GIVEN INFORMATION -
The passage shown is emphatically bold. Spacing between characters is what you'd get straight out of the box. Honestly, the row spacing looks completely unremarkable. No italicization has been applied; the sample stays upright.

...

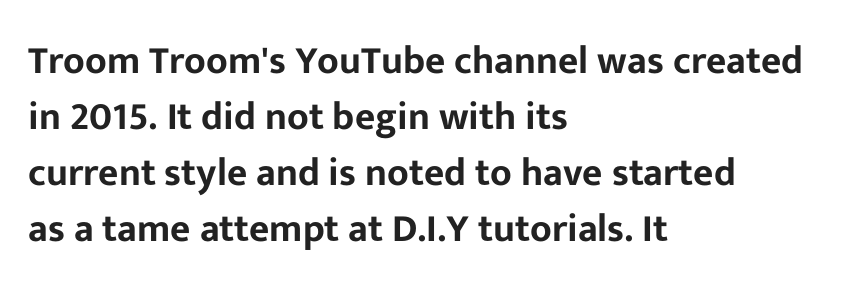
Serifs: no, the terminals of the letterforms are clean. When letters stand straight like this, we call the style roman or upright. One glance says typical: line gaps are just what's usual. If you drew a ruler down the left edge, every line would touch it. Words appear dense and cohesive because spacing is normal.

...

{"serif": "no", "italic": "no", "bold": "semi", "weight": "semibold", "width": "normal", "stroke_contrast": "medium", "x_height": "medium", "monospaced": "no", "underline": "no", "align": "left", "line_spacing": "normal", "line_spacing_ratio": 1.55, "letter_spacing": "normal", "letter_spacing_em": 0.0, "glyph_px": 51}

WORK REQUEST -
Please return every line of the records that contains the word "what".

REPLY TO THE EXERCISE -
The passage shown is emphatically bold. Spacing between characters is what you'd get straight out of the box. Honestly, the row spacing looks completely unremarkable. No italicization has been applied; the sample stays upright.
Serifs: no, the terminals of the letterforms are clean. When letters stand straight like this, we call the style roman or upright. One glance says typical: line gaps are just what's usual. If you drew a ruler down the left edge, every line would touch it. Words appear dense and cohesive because spacing is normal.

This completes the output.